**EXERCISE OBJECTIVE:** Could you return all of the entries below exactly, minus the pictures?
╭─ INFORMATION SUPPLIED
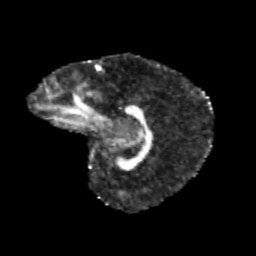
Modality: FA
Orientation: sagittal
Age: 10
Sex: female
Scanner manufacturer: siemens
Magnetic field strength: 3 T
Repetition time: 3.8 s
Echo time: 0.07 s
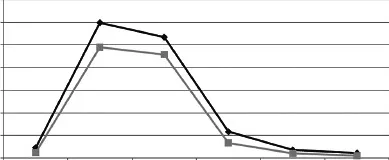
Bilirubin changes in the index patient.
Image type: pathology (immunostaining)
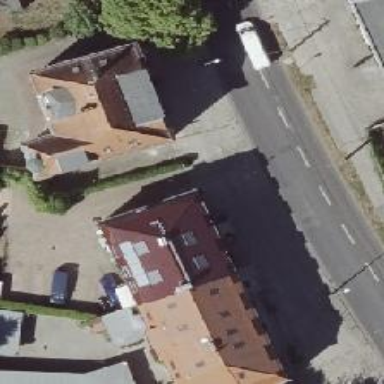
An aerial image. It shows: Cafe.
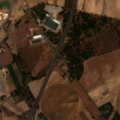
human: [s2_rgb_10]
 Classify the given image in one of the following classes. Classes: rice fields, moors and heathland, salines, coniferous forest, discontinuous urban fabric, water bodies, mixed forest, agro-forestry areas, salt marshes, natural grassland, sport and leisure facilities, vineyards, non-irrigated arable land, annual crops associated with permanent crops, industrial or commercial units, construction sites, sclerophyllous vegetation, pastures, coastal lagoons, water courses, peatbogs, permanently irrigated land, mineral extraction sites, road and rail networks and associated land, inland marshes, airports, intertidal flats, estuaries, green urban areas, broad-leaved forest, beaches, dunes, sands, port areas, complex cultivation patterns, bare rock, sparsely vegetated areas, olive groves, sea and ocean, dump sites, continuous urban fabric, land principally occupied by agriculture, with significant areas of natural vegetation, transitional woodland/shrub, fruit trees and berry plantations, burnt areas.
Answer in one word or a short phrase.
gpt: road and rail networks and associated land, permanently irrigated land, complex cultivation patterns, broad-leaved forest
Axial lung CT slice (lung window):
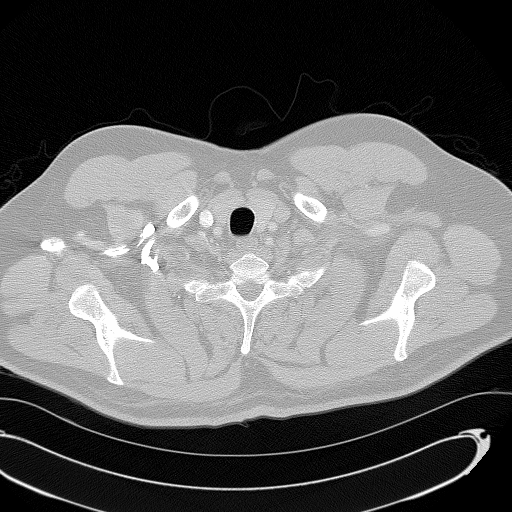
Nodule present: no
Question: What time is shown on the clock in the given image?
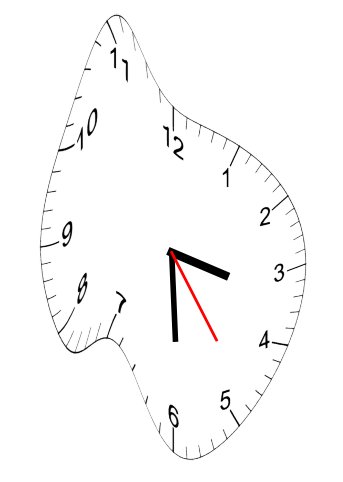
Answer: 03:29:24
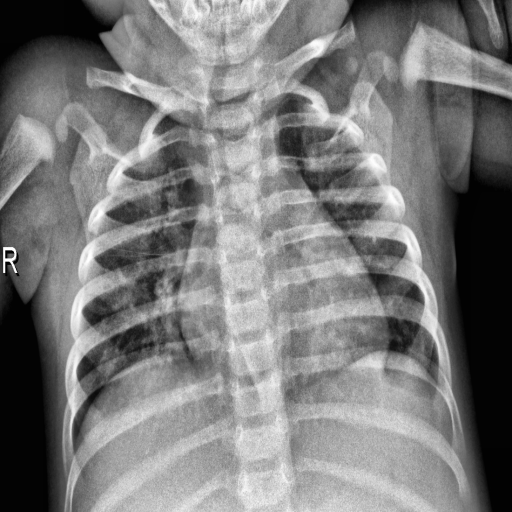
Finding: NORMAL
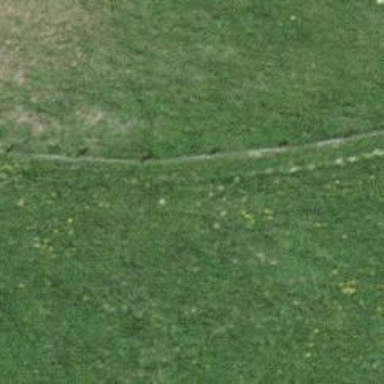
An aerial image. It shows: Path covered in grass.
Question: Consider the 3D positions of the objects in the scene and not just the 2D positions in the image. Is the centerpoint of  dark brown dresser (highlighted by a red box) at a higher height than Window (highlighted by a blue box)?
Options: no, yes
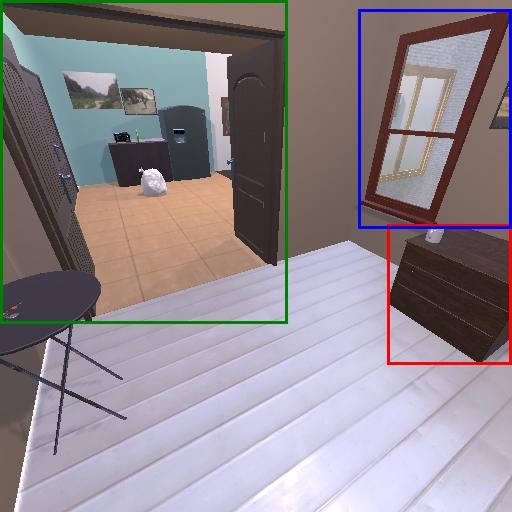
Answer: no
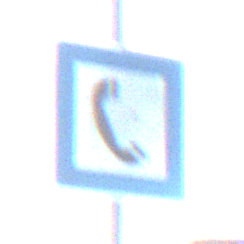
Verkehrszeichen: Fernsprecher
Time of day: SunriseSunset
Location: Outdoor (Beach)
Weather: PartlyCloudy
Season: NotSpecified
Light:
╰─
**SOLUTION:**
Modality: FA
Orientation: sagittal
Age: 10
Sex: female
Scanner manufacturer: siemens
Magnetic field strength: 3 T
Repetition time: 3.8 s
Echo time: 0.07 s
Bilirubin changes in the index patient.
Image type: pathology (immunostaining)
An aerial image. It shows: Cafe.
human: [s2_rgb_10]
 Classify the given image in one of the following classes. Classes: rice fields, moors and heathland, salines, coniferous forest, discontinuous urban fabric, water bodies, mixed forest, agro-forestry areas, salt marshes, natural grassland, sport and leisure facilities, vineyards, non-irrigated arable land, annual crops associated with permanent crops, industrial or commercial units, construction sites, sclerophyllous vegetation, pastures, coastal lagoons, water courses, peatbogs, permanently irrigated land, mineral extraction sites, road and rail networks and associated land, inland marshes, airports, intertidal flats, estuaries, green urban areas, broad-leaved forest, beaches, dunes, sands, port areas, complex cultivation patterns, bare rock, sparsely vegetated areas, olive groves, sea and ocean, dump sites, continuous urban fabric, land principally occupied by agriculture, with significant areas of natural vegetation, transitional woodland/shrub, fruit trees and berry plantations, burnt areas.
Answer in one word or a short phrase.
gpt: road and rail networks and associated land, permanently irrigated land, complex cultivation patterns, broad-leaved forest
Axial lung CT slice (lung window):
Nodule present: no
Question: What time is shown on the clock in the given image?
Answer: 03:29:24
Finding: NORMAL
An aerial image. It shows: Path covered in grass.
Question: Consider the 3D positions of the objects in the scene and not just the 2D positions in the image. Is the centerpoint of  dark brown dresser (highlighted by a red box) at a higher height than Window (highlighted by a blue box)?
Options: no, yes
Answer: no
Verkehrszeichen: Fernsprecher
Time of day: SunriseSunset
Location: Outdoor (Beach)
Weather: PartlyCloudy
Season: NotSpecified
Light:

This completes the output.